---------- Dataset excerpts

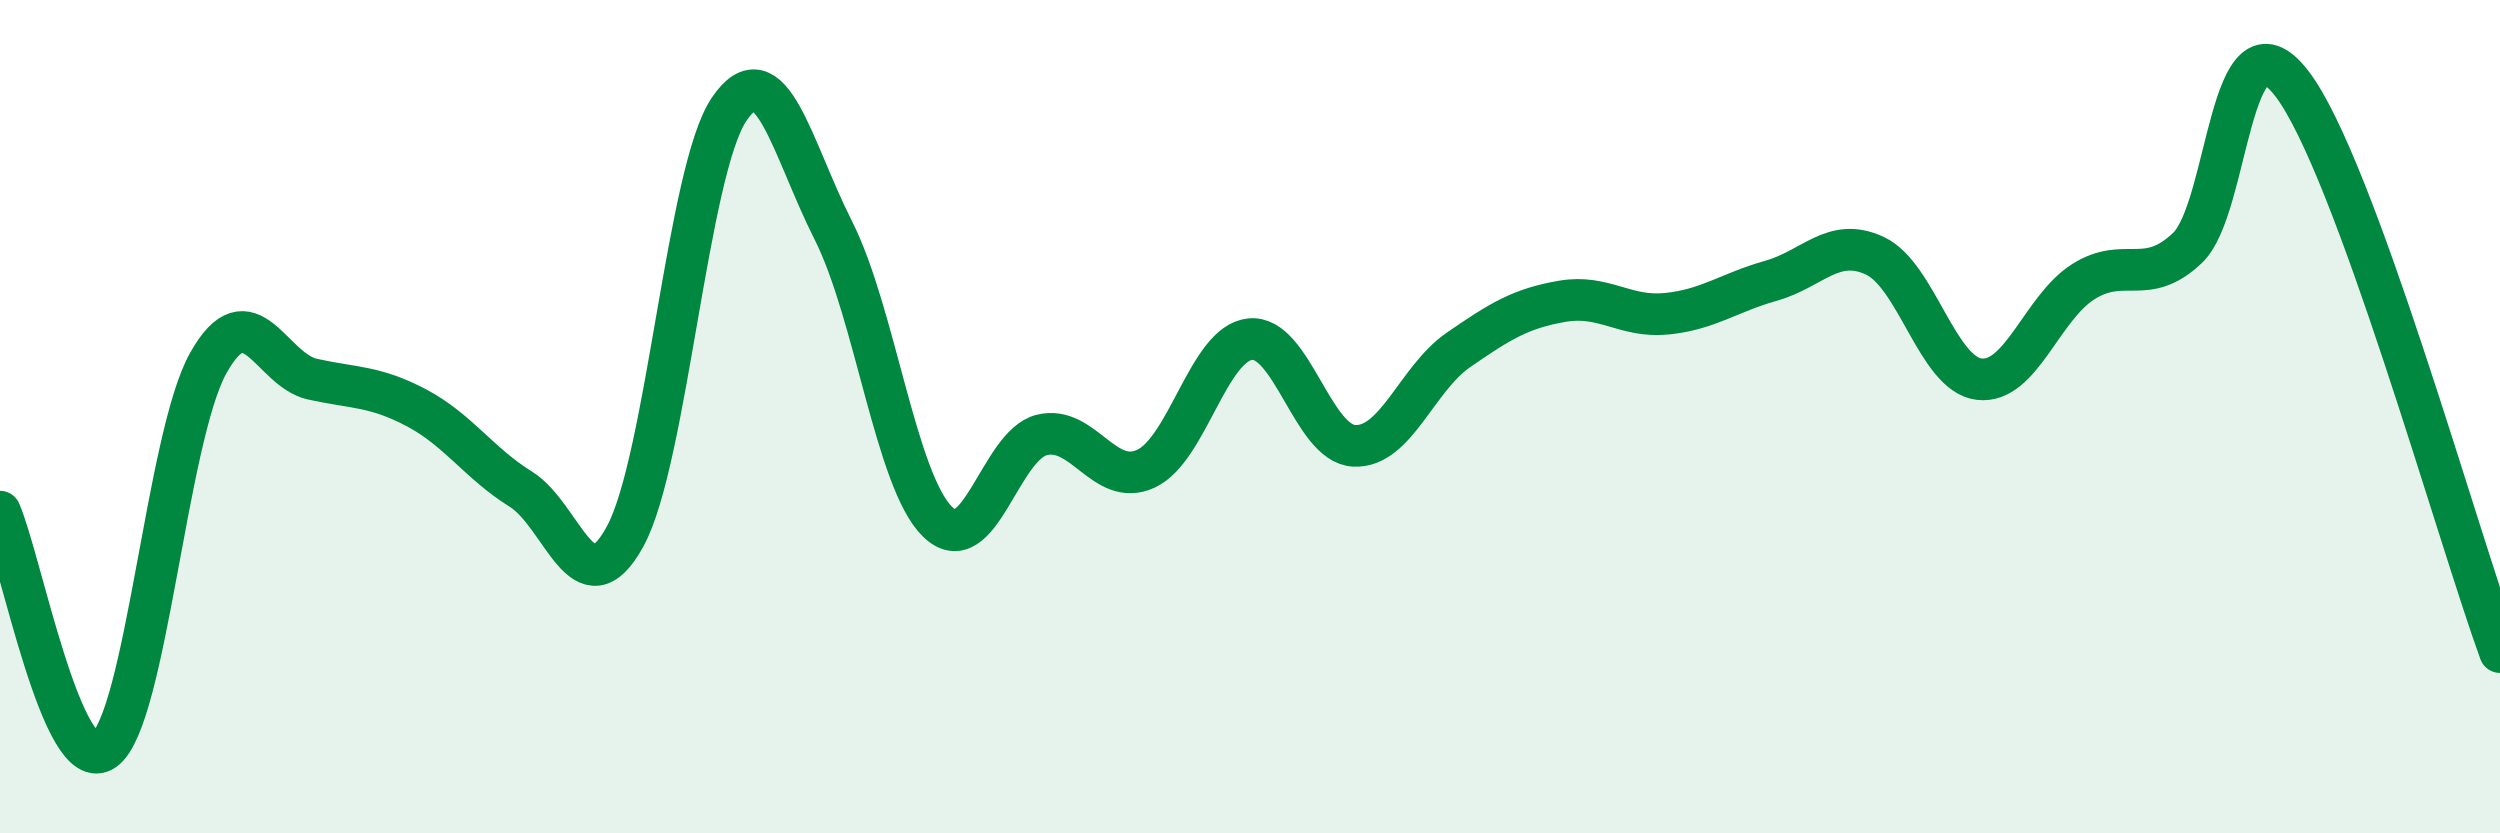 
    <svg width="60" height="20" viewBox="0 0 60 20" xmlns="http://www.w3.org/2000/svg">
      <path
        d="M 0,12.28 C 0.5,13.42 1.5,18.71 2.5,18 C 3.5,17.29 4,10.49 5,8.71 C 6,6.93 6.5,8.88 7.5,9.1 C 8.5,9.32 9,9.26 10,9.79 C 11,10.32 11.5,11.12 12.5,11.74 C 13.5,12.36 14,14.7 15,12.88 C 16,11.06 16.5,4.09 17.5,2.62 C 18.5,1.15 19,3.55 20,5.53 C 21,7.51 21.5,11.54 22.5,12.52 C 23.5,13.5 24,10.69 25,10.44 C 26,10.19 26.5,11.71 27.5,11.25 C 28.5,10.79 29,8.25 30,8.14 C 31,8.03 31.5,10.65 32.5,10.7 C 33.5,10.75 34,9.09 35,8.4 C 36,7.71 36.5,7.4 37.5,7.23 C 38.5,7.06 39,7.63 40,7.53 C 41,7.43 41.5,7.02 42.5,6.74 C 43.5,6.46 44,5.67 45,6.14 C 46,6.61 46.5,8.98 47.5,9.1 C 48.5,9.22 49,7.39 50,6.76 C 51,6.13 51.5,6.9 52.5,5.95 C 53.5,5 53.5,0.06 55,2 C 56.5,3.94 59,12.92 60,15.65L60 20L0 20Z"
        fill="#008740"
        opacity="0.1"
        stroke-linecap="round"
        stroke-linejoin="round"
      />
      <path
        d="M 0,12.28 C 0.5,13.42 1.5,18.71 2.5,18 C 3.5,17.29 4,10.49 5,8.71 C 6,6.93 6.5,8.88 7.5,9.1 C 8.5,9.32 9,9.26 10,9.79 C 11,10.32 11.5,11.12 12.5,11.74 C 13.5,12.36 14,14.7 15,12.88 C 16,11.06 16.5,4.09 17.5,2.62 C 18.5,1.15 19,3.55 20,5.53 C 21,7.51 21.5,11.54 22.5,12.52 C 23.5,13.5 24,10.69 25,10.44 C 26,10.19 26.5,11.71 27.5,11.25 C 28.5,10.79 29,8.25 30,8.14 C 31,8.03 31.5,10.65 32.5,10.7 C 33.5,10.75 34,9.09 35,8.4 C 36,7.71 36.5,7.4 37.5,7.23 C 38.5,7.06 39,7.63 40,7.53 C 41,7.43 41.5,7.02 42.5,6.74 C 43.5,6.46 44,5.67 45,6.14 C 46,6.61 46.5,8.98 47.5,9.1 C 48.5,9.22 49,7.39 50,6.76 C 51,6.13 51.5,6.9 52.5,5.95 C 53.5,5 53.5,0.06 55,2 C 56.5,3.94 59,12.92 60,15.65"
        stroke="#008740"
        stroke-width="1"
        fill="none"
        stroke-linecap="round"
        stroke-linejoin="round"
      />
    </svg>

--------------------

**Exercise prompt**
Leaving out the pictures, return the records exactly as given.

**Answer area**
    <svg width="60" height="20" viewBox="0 0 60 20" xmlns="http://www.w3.org/2000/svg">
      <path
        d="M 0,12.28 C 0.5,13.42 1.5,18.71 2.5,18 C 3.5,17.29 4,10.49 5,8.71 C 6,6.93 6.5,8.88 7.5,9.1 C 8.5,9.32 9,9.26 10,9.79 C 11,10.32 11.5,11.12 12.5,11.74 C 13.5,12.36 14,14.7 15,12.88 C 16,11.06 16.5,4.09 17.5,2.62 C 18.5,1.15 19,3.55 20,5.53 C 21,7.51 21.5,11.54 22.5,12.52 C 23.5,13.5 24,10.69 25,10.44 C 26,10.19 26.5,11.71 27.5,11.25 C 28.5,10.79 29,8.25 30,8.14 C 31,8.03 31.5,10.65 32.5,10.7 C 33.5,10.75 34,9.09 35,8.4 C 36,7.71 36.5,7.4 37.5,7.23 C 38.5,7.06 39,7.63 40,7.53 C 41,7.43 41.5,7.02 42.5,6.74 C 43.5,6.46 44,5.67 45,6.14 C 46,6.61 46.5,8.98 47.5,9.1 C 48.5,9.22 49,7.39 50,6.76 C 51,6.13 51.5,6.9 52.5,5.95 C 53.5,5 53.5,0.06 55,2 C 56.5,3.94 59,12.92 60,15.65L60 20L0 20Z"
        fill="#008740"
        opacity="0.1"
        stroke-linecap="round"
        stroke-linejoin="round"
      />
      <path
        d="M 0,12.28 C 0.5,13.42 1.5,18.71 2.5,18 C 3.5,17.29 4,10.49 5,8.71 C 6,6.93 6.5,8.88 7.5,9.1 C 8.5,9.32 9,9.26 10,9.79 C 11,10.32 11.5,11.12 12.5,11.74 C 13.5,12.36 14,14.7 15,12.88 C 16,11.06 16.5,4.09 17.5,2.62 C 18.5,1.15 19,3.55 20,5.53 C 21,7.51 21.5,11.54 22.5,12.52 C 23.5,13.5 24,10.69 25,10.44 C 26,10.19 26.5,11.71 27.5,11.25 C 28.5,10.79 29,8.25 30,8.14 C 31,8.03 31.5,10.65 32.5,10.7 C 33.5,10.75 34,9.09 35,8.4 C 36,7.71 36.5,7.4 37.5,7.23 C 38.5,7.06 39,7.63 40,7.53 C 41,7.43 41.5,7.02 42.5,6.74 C 43.5,6.46 44,5.67 45,6.14 C 46,6.61 46.5,8.98 47.5,9.1 C 48.5,9.22 49,7.39 50,6.76 C 51,6.13 51.5,6.9 52.5,5.95 C 53.5,5 53.5,0.06 55,2 C 56.5,3.94 59,12.92 60,15.65"
        stroke="#008740"
        stroke-width="1"
        fill="none"
        stroke-linecap="round"
        stroke-linejoin="round"
      />
    </svg>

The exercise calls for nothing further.